Experimental Researches in Electricity, Volume 1 eBook

This eBook from the Gutenberg Project consists of approximately 775 pages of information about Experimental Researches in Electricity, Volume 1.

  [A] Philosophical Transactions, 1807, pp. 29, 30.

  [B] Ibid. p. 39.

  [C] Ibid. p. 29.

  [D] Ibid. p. 42.

  [E] Ibid. p. 42.

484.  When in 1826 Sir Humphry Davy wrote again on this subject, he stated that he found nothing to alter in the fundamental theory laid down in the original communication[A], and uses the terms attraction and repulsion apparently in the same sense as before[B].

  [A] Philosophical Transactions, 1826, p. 383.

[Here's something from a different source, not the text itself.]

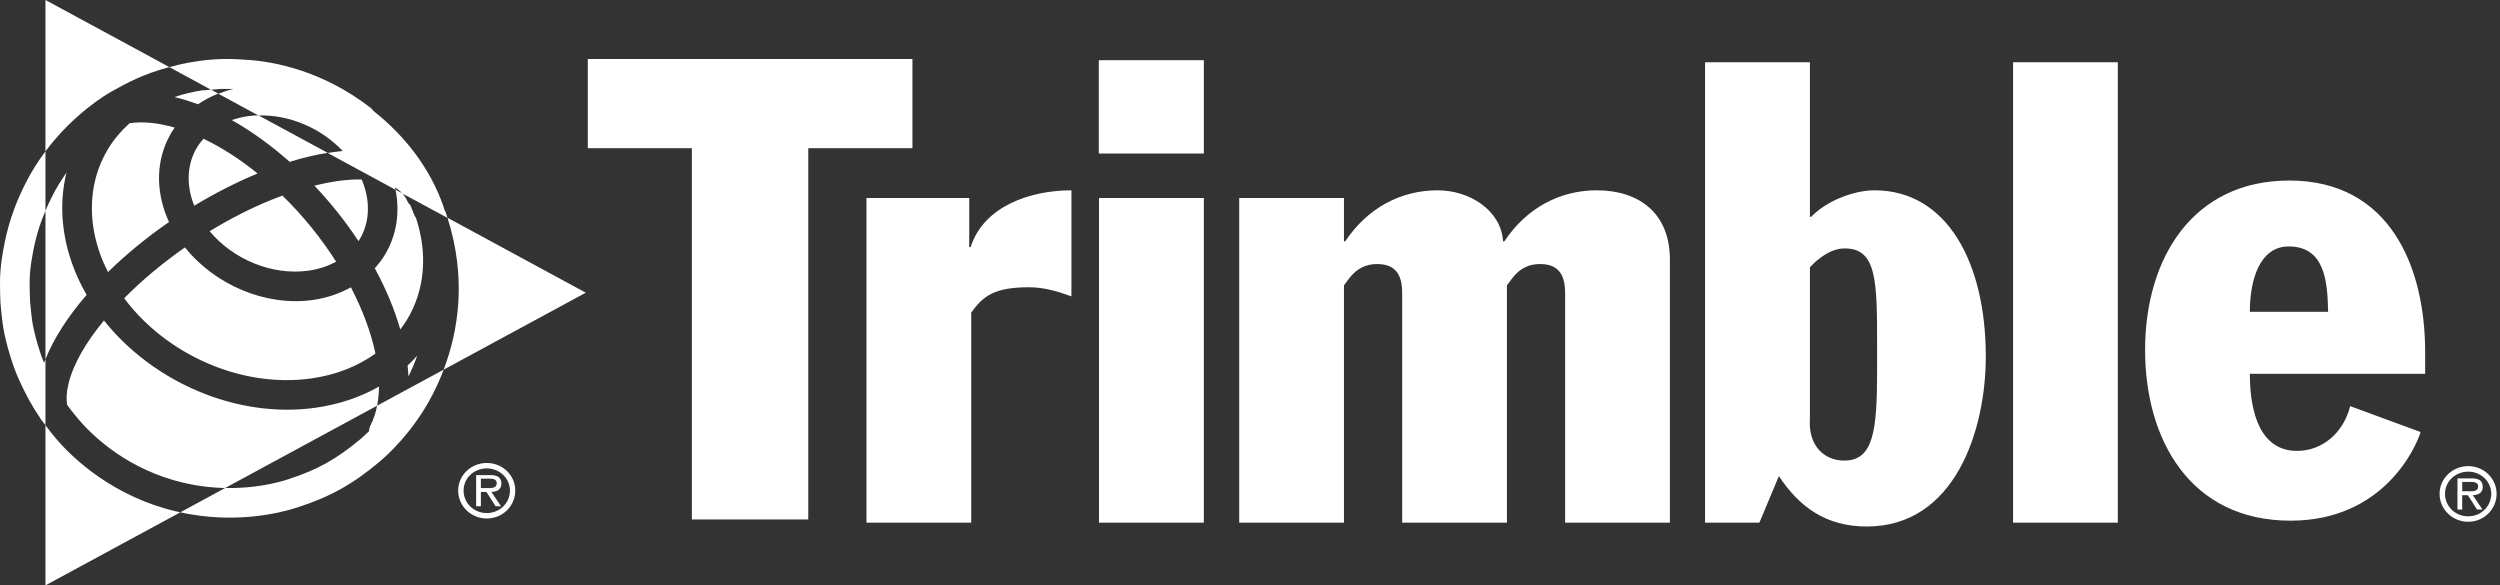 <svg xmlns="http://www.w3.org/2000/svg" width="205" height="48" viewBox="0 0 205 48" fill="none"><rect x="0" y="0" width="205" height="48" fill="#333333" stroke="none"/><path d="M4.522 35.88C4.229 35.531 3.97 35.2 3.728 34.867V48L14.784 42.011C14.38 41.922 13.971 41.823 13.556 41.703C8.603 40.271 5.585 37.153 4.522 35.88ZM34.213 29.165C33.965 29.447 33.699 29.716 33.423 29.973C33.457 30.279 33.48 30.578 33.497 30.873C33.748 30.35 33.992 29.782 34.213 29.165ZM7.102 24.18C6.624 23.35 6.217 22.479 5.899 21.575C5.012 19.046 4.871 16.504 5.453 14.156C5.027 14.758 4.617 15.415 4.254 16.14C4.254 16.142 4.254 16.142 4.254 16.142C4.048 16.546 3.882 16.923 3.728 17.285V29.461C4.41 27.745 5.575 25.945 7.102 24.18M25.518 31.033C27.546 30.748 29.327 30.041 30.787 28.992C30.424 27.265 29.74 25.416 28.773 23.559C27.845 24.077 26.79 24.439 25.631 24.601C21.727 25.144 17.589 23.314 15.163 20.288C13.318 21.579 11.623 22.998 10.182 24.456C13.594 29.034 19.731 31.841 25.518 31.033ZM29.468 19.665C30.262 18.357 30.387 16.748 29.818 15.127C29.818 15.125 29.818 15.125 29.818 15.125C29.772 14.986 29.709 14.851 29.652 14.714C28.533 14.693 27.221 14.866 25.783 15.226C27.152 16.669 28.361 18.2 29.393 19.768C29.418 19.733 29.443 19.699 29.468 19.665M9.176 7.487C10.465 6.773 11.692 6.097 13.885 5.499L3.728 0V12.41C6.065 9.283 8.795 7.699 9.176 7.487ZM25.294 22.194C26.135 22.076 26.895 21.821 27.561 21.455C26.35 19.551 24.865 17.702 23.159 16.039C22.869 16.144 22.578 16.256 22.283 16.375C20.552 17.075 18.834 17.957 17.193 18.962C19.099 21.247 22.283 22.615 25.294 22.194ZM15.822 16.593C15.856 16.685 15.898 16.774 15.934 16.864C17.597 15.86 19.341 14.965 21.125 14.225C19.64 13.025 18.137 12.071 16.686 11.376C16.498 11.589 16.321 11.812 16.174 12.054C15.378 13.36 15.254 14.969 15.822 16.59V16.592M8.856 22.308C10.332 20.863 12.027 19.473 13.859 18.206C13.739 17.94 13.626 17.673 13.529 17.397C13.529 17.395 13.529 17.395 13.529 17.397C12.716 15.078 12.92 12.73 14.102 10.795C14.171 10.679 14.253 10.576 14.329 10.464C12.981 10.072 11.726 9.944 10.631 10.102C9.953 10.71 9.355 11.401 8.877 12.187C7.984 13.648 7.533 15.314 7.533 17.056C7.533 18.273 7.752 19.524 8.192 20.779C8.376 21.303 8.607 21.815 8.856 22.314M25.853 33.438C19.383 34.341 12.52 31.306 8.525 26.279C7.024 28.095 5.979 29.908 5.604 31.519C5.455 32.153 5.427 32.711 5.501 33.197C5.764 33.557 6.053 33.924 6.383 34.32C7.308 35.425 9.919 38.125 14.23 39.372C15.753 39.812 17.185 39.991 18.463 40.016L30.922 33.267C31.018 32.774 31.075 32.248 31.079 31.698C29.546 32.574 27.786 33.168 25.853 33.438ZM20.346 9.523C19.874 9.592 19.425 9.7 19.004 9.845C20.586 10.734 22.19 11.884 23.753 13.271C24.844 12.934 25.884 12.69 26.868 12.532L21.19 9.458C20.91 9.458 20.626 9.487 20.346 9.523ZM36.38 30.312L48.036 24.001L36.692 17.854C38.286 22.837 37.583 27.145 36.38 30.312ZM16.801 7.402C16.742 7.402 16.686 7.402 16.629 7.402C15.814 7.52 15.041 7.708 14.308 7.96C14.94 8.106 15.582 8.308 16.235 8.552C16.744 8.2 17.307 7.91 17.905 7.672L17.309 7.352C17.142 7.373 16.968 7.373 16.801 7.398M31.541 20.928C31.305 21.314 31.029 21.663 30.734 21.996C31.646 23.679 32.351 25.37 32.823 27.012C33.011 26.764 33.194 26.513 33.358 26.246C34.839 23.816 35.095 20.846 34.108 17.86C34.04 17.765 33.981 17.664 33.939 17.553C33.853 17.302 33.741 17.056 33.638 16.809C33.524 16.704 33.432 16.573 33.369 16.426C33.27 16.211 33.145 16.02 32.992 15.851L32.434 15.548C32.81 17.456 32.514 19.332 31.541 20.928ZM3.608 29.754C3.077 28.445 2.694 26.815 2.62 26.183C2.445 24.671 2.445 24.671 2.431 23.178C2.426 22.712 2.479 22.032 2.561 21.522C2.751 20.354 2.974 19.052 3.728 17.285V12.41C3.14 13.194 2.578 14.068 2.085 15.047C0.716 17.761 0.398 19.709 0.163 21.131C0.059 21.786 -0.006 22.599 0 23.203C0.017 24.808 0.017 24.839 0.209 26.463C0.323 27.442 0.862 29.634 1.582 31.191C2.14 32.408 2.656 33.349 3.284 34.263C3.336 34.362 3.397 34.451 3.471 34.529C3.551 34.642 3.642 34.754 3.728 34.867V29.462C3.688 29.561 3.642 29.657 3.608 29.754ZM18.019 7.291C18.147 7.291 18.284 7.291 18.419 7.291C18.663 7.291 18.905 7.287 19.149 7.294C18.716 7.393 18.303 7.532 17.905 7.688L21.19 9.469C23.764 9.387 26.36 10.535 28.104 12.382C27.702 12.42 27.289 12.476 26.868 12.544L32.434 15.56C32.419 15.498 32.413 15.435 32.4 15.372C32.629 15.515 32.825 15.675 32.992 15.863L36.692 17.866C36.643 17.724 36.608 17.585 36.561 17.444C36.532 17.364 36.496 17.288 36.45 17.213C36.412 17.095 36.38 16.979 36.338 16.861C35.27 13.82 33.227 11.15 30.633 9.105C30.566 9.006 30.486 8.915 30.387 8.84C26.404 5.754 22.401 5.055 20.369 4.912C20.259 4.912 20.158 4.912 20.053 4.891C18.831 4.796 17.599 4.822 16.384 4.992C16.313 4.992 16.239 5.017 16.165 5.026C15.643 5.099 15.188 5.184 14.824 5.268C14.489 5.346 14.18 5.426 13.885 5.504L17.309 7.361C17.547 7.338 17.785 7.311 18.019 7.296M30.922 33.267C30.812 33.838 30.641 34.373 30.395 34.846C30.311 35.011 30.269 35.185 30.262 35.354C29.9 35.714 29.643 35.931 29.57 35.996C27.581 37.658 26.025 38.526 23.614 39.307C22.723 39.595 20.866 40.071 18.463 40.016L14.784 42.011C19.257 42.986 22.917 42.084 24.364 41.617C27.072 40.741 28.906 39.722 31.126 37.858C31.574 37.485 33.914 35.445 35.527 32.246C35.824 31.662 36.115 31.016 36.38 30.312L30.922 33.267ZM4.522 35.88C4.229 35.531 3.97 35.2 3.728 34.867V48L14.784 42.011C14.38 41.922 13.971 41.823 13.556 41.703C8.603 40.271 5.585 37.153 4.522 35.88ZM34.213 29.165C33.965 29.447 33.699 29.716 33.423 29.973C33.457 30.279 33.48 30.578 33.497 30.873C33.748 30.35 33.992 29.782 34.213 29.165ZM7.102 24.18C6.624 23.35 6.217 22.479 5.899 21.575C5.012 19.046 4.871 16.504 5.453 14.156C5.027 14.758 4.617 15.415 4.254 16.14C4.254 16.142 4.254 16.142 4.254 16.142C4.048 16.546 3.882 16.923 3.728 17.285V29.461C4.41 27.745 5.575 25.945 7.102 24.18M25.518 31.033C27.546 30.748 29.327 30.041 30.787 28.992C30.424 27.265 29.74 25.416 28.773 23.559C27.845 24.077 26.79 24.439 25.631 24.601C21.727 25.144 17.589 23.314 15.163 20.288C13.318 21.579 11.623 22.998 10.182 24.456C13.594 29.034 19.731 31.841 25.518 31.033ZM29.468 19.665C30.262 18.357 30.387 16.748 29.818 15.127C29.818 15.125 29.818 15.125 29.818 15.125C29.772 14.986 29.709 14.851 29.652 14.714C28.533 14.693 27.221 14.866 25.783 15.226C27.152 16.669 28.361 18.2 29.393 19.768C29.418 19.733 29.443 19.699 29.468 19.665M9.176 7.487C10.465 6.773 11.692 6.097 13.885 5.499L3.728 0V12.41C6.065 9.283 8.795 7.699 9.176 7.487ZM25.294 22.194C26.135 22.076 26.895 21.821 27.561 21.455C26.35 19.551 24.865 17.702 23.159 16.039C22.869 16.144 22.578 16.256 22.283 16.375C20.552 17.075 18.834 17.957 17.193 18.962C19.099 21.247 22.283 22.615 25.294 22.194ZM15.822 16.593C15.856 16.685 15.898 16.774 15.934 16.864C17.597 15.86 19.341 14.965 21.125 14.225C19.64 13.025 18.137 12.071 16.686 11.376C16.498 11.589 16.321 11.812 16.174 12.054C15.378 13.36 15.254 14.969 15.822 16.59V16.592M8.856 22.308C10.332 20.863 12.027 19.473 13.859 18.206C13.739 17.94 13.626 17.673 13.529 17.397C13.529 17.395 13.529 17.395 13.529 17.397C12.716 15.078 12.92 12.73 14.102 10.795C14.171 10.679 14.253 10.576 14.329 10.464C12.981 10.072 11.726 9.944 10.631 10.102C9.953 10.71 9.355 11.401 8.877 12.187C7.984 13.648 7.533 15.314 7.533 17.056C7.533 18.273 7.752 19.524 8.192 20.779C8.376 21.303 8.607 21.815 8.856 22.314M25.853 33.438C19.383 34.341 12.52 31.306 8.525 26.279C7.024 28.095 5.979 29.908 5.604 31.519C5.455 32.153 5.427 32.711 5.501 33.197C5.764 33.557 6.053 33.924 6.383 34.32C7.308 35.425 9.919 38.125 14.23 39.372C15.753 39.812 17.185 39.991 18.463 40.016L30.922 33.267C31.018 32.774 31.075 32.248 31.079 31.698C29.546 32.574 27.786 33.168 25.853 33.438ZM20.346 9.523C19.874 9.592 19.425 9.7 19.004 9.845C20.586 10.734 22.19 11.884 23.753 13.271C24.844 12.934 25.884 12.69 26.868 12.532L21.19 9.458C20.91 9.458 20.626 9.487 20.346 9.523ZM36.38 30.312L48.036 24.001L36.692 17.854C38.286 22.837 37.583 27.145 36.38 30.312ZM16.801 7.402C16.742 7.402 16.686 7.402 16.629 7.402C15.814 7.52 15.041 7.708 14.308 7.96C14.94 8.106 15.582 8.308 16.235 8.552C16.744 8.2 17.307 7.91 17.905 7.672L17.309 7.352C17.142 7.373 16.968 7.373 16.801 7.398M31.541 20.928C31.305 21.314 31.029 21.663 30.734 21.996C31.646 23.679 32.351 25.37 32.823 27.012C33.011 26.764 33.194 26.513 33.358 26.246C34.839 23.816 35.095 20.846 34.108 17.86C34.04 17.765 33.981 17.664 33.939 17.553C33.853 17.302 33.741 17.056 33.638 16.809C33.524 16.704 33.432 16.573 33.369 16.426C33.27 16.211 33.145 16.02 32.992 15.851L32.434 15.548C32.81 17.456 32.514 19.332 31.541 20.928ZM3.608 29.754C3.077 28.445 2.694 26.815 2.62 26.183C2.445 24.671 2.445 24.671 2.431 23.178C2.426 22.712 2.479 22.032 2.561 21.522C2.751 20.354 2.974 19.052 3.728 17.285V12.41C3.14 13.194 2.578 14.068 2.085 15.047C0.716 17.761 0.398 19.709 0.163 21.131C0.059 21.786 -0.006 22.599 0 23.203C0.017 24.808 0.017 24.839 0.209 26.463C0.323 27.442 0.862 29.634 1.582 31.191C2.14 32.408 2.656 33.349 3.284 34.263C3.336 34.362 3.397 34.451 3.471 34.529C3.551 34.642 3.642 34.754 3.728 34.867V29.462C3.688 29.561 3.642 29.657 3.608 29.754ZM18.019 7.291C18.147 7.291 18.284 7.291 18.419 7.291C18.663 7.291 18.905 7.287 19.149 7.294C18.716 7.393 18.303 7.532 17.905 7.688L21.19 9.469C23.764 9.387 26.36 10.535 28.104 12.382C27.702 12.42 27.289 12.476 26.868 12.544L32.434 15.56C32.419 15.498 32.413 15.435 32.4 15.372C32.629 15.515 32.825 15.675 32.992 15.863L36.692 17.866C36.643 17.724 36.608 17.585 36.561 17.444C36.532 17.364 36.496 17.288 36.45 17.213C36.412 17.095 36.38 16.979 36.338 16.861C35.27 13.82 33.227 11.15 30.633 9.105C30.566 9.006 30.486 8.915 30.387 8.84C26.404 5.754 22.401 5.055 20.369 4.912C20.259 4.912 20.158 4.912 20.053 4.891C18.831 4.796 17.599 4.822 16.384 4.992C16.313 4.992 16.239 5.017 16.165 5.026C15.643 5.099 15.188 5.184 14.824 5.268C14.489 5.346 14.18 5.426 13.885 5.504L17.309 7.361C17.547 7.338 17.785 7.311 18.019 7.296M30.922 33.267C30.812 33.838 30.641 34.373 30.395 34.846C30.311 35.011 30.269 35.185 30.262 35.354C29.9 35.714 29.643 35.931 29.57 35.996C27.581 37.658 26.025 38.526 23.614 39.307C22.723 39.595 20.866 40.071 18.463 40.016L14.784 42.011C19.257 42.986 22.917 42.084 24.364 41.617C27.072 40.741 28.906 39.722 31.126 37.858C31.574 37.485 33.914 35.445 35.527 32.246C35.824 31.662 36.115 31.016 36.38 30.312L30.922 33.267ZM48.2 4.837V12.154H56.733V42.598H66.278V12.154H74.819V4.837H48.2ZM90.102 4.934V12.592H98.715V4.934H90.102ZM139.814 5.105V42.857H144.271L145.867 39.041C147.563 41.589 149.735 43.173 153.079 43.173C160.29 43.173 162.835 35.322 162.835 29.228C162.835 21.539 159.658 15.606 153.711 15.606C151.968 15.606 149.734 16.502 148.517 17.778H148.412V5.105H139.814ZM165.072 5.105V42.857H173.661V5.105H165.072ZM187.72 14.804C179.819 14.804 175.898 21.166 175.898 28.701C175.898 36.067 179.608 42.695 187.825 42.695C195.468 42.695 198.119 36.656 198.489 35.426L192.712 33.303C192.177 35.483 190.43 36.974 188.36 36.974C184.957 36.974 184.487 32.993 184.487 30.654H198.862V28.855C198.862 21.914 195.996 14.804 187.72 14.804ZM87.857 15.606C84.464 15.606 80.649 16.924 79.592 20.265H79.478V16.238H71.051V42.857H79.64V25.63C80.599 24.303 81.5 23.555 84.365 23.555C85.586 23.555 86.688 23.875 87.857 24.301V15.606ZM117.895 15.606C114.819 15.606 112.118 17.079 110.311 19.788H110.205V16.238H101.616V42.857H110.205V23.393L110.683 22.761C111.271 22.018 112.013 21.651 112.912 21.651C114.506 21.651 114.978 22.608 114.978 24.034V42.857H123.568V23.393L124.046 22.761C124.631 22.018 125.364 21.651 126.274 21.651C127.862 21.651 128.34 22.608 128.34 24.034V42.857H136.93V21.278C136.93 17.462 134.382 15.606 130.941 15.606C127.865 15.606 125.164 17.079 123.357 19.788H123.251C123.091 17.237 120.496 15.606 117.895 15.606ZM90.118 16.238V42.857H98.715V16.238H90.118ZM187.672 20.209C190.645 20.209 190.854 23.078 190.905 25.565H184.487C184.487 23.078 185.233 20.209 187.672 20.209ZM151.28 20.371C153.93 20.371 153.922 23.131 153.922 28.433V30.451C153.922 35.379 153.607 37.768 151.224 37.768C149.585 37.768 148.258 36.548 148.412 34.325V21.91L148.89 21.441C149.418 21.013 150.217 20.371 151.28 20.371ZM39.919 37.963C38.621 37.963 37.569 38.977 37.569 40.224C37.569 41.496 38.621 42.517 39.919 42.517C41.212 42.517 42.252 41.496 42.252 40.224C42.252 38.977 41.212 37.963 39.919 37.963ZM202.395 38.222C201.096 38.222 200.045 39.244 200.045 40.491C200.045 41.759 201.096 42.784 202.395 42.784C203.686 42.784 204.721 41.759 204.721 40.491C204.721 39.244 203.686 38.222 202.395 38.222ZM39.919 38.408C40.961 38.408 41.815 39.213 41.815 40.224C41.815 41.262 40.961 42.071 39.919 42.071C38.857 42.071 38.014 41.262 38.014 40.224C38.014 39.213 38.857 38.408 39.919 38.408ZM202.395 38.676C203.437 38.676 204.283 39.482 204.283 40.491C204.283 41.529 203.437 42.339 202.395 42.339C201.331 42.339 200.491 41.529 200.491 40.491C200.491 39.482 201.331 38.676 202.395 38.676ZM39.044 38.959V41.512H39.432V40.337H39.886L40.64 41.512H41.086L40.291 40.337C40.761 40.329 41.118 40.14 41.118 39.632C41.118 39.422 41.018 39.191 40.826 39.081C40.626 38.978 40.403 38.959 40.186 38.959H39.044ZM201.512 39.227V41.779H201.901V40.605H202.363L203.116 41.779H203.562L202.768 40.605C203.235 40.592 203.586 40.407 203.586 39.9C203.586 39.689 203.496 39.46 203.303 39.349C203.105 39.245 202.881 39.227 202.662 39.227H201.512ZM39.432 39.251H40.113C40.44 39.251 40.729 39.293 40.729 39.624C40.729 40.083 40.224 40.021 39.854 40.021H39.432V39.251ZM201.901 39.519H202.581C202.91 39.519 203.205 39.556 203.205 39.891C203.205 40.346 202.693 40.28 202.322 40.28H201.901V39.519Z" fill="white"></path></svg>

  [B] Ibid. pp. 389, 407, 115.

485.  Messrs. Riffault and Chompre experimented on this subject in 1807.  They came to the conclusion that the voltaic current caused decompositions throughout its whole course in the humid conductor, not merely as preliminary to the recompositions spoken of by Grotthuss and Davy, but producing final separation of the elements in the course of the current, and elsewhere than at the poles.  They considered the negative current as collecting and carrying the acids, &c. to the positive pole, and the positive current as doing the same duty with the bases, and collecting them at the negative pole.  They likewise consider the currents as more powerful the nearer they are to their respective poles, and state that the positive current is superior in power to the negative current[A].

  [A] Annales de Chimie, 1807, tom. lxiii. p. 83, &c.

486.  M. Biot is very cautious in expressing an opinion as to the cause of the separation of the elements of a compound body[A].  But as far as the effects can be understood, he refers them to the opposite electrical states of the portions of the decomposing substance in the neighbourhood of the two poles.  The fluid is most positive at the positive pole; that state gradually diminishes to the middle distance, where the fluid is neutral or not electrical; but from thence to the negative pole it becomes more and more negative[B].  When a particle of salt is decomposed at the negative pole, the acid particle is considered as acquiring a negative electrical state from the pole, stronger than that of the surrounding undecomposed particles, and is therefore repelled from amongst them, and from out of that portion of the liquid towards the positive pole, towards which also it is drawn by the attraction of the pole itself and the particles of positive undecomposed fluid around it[C].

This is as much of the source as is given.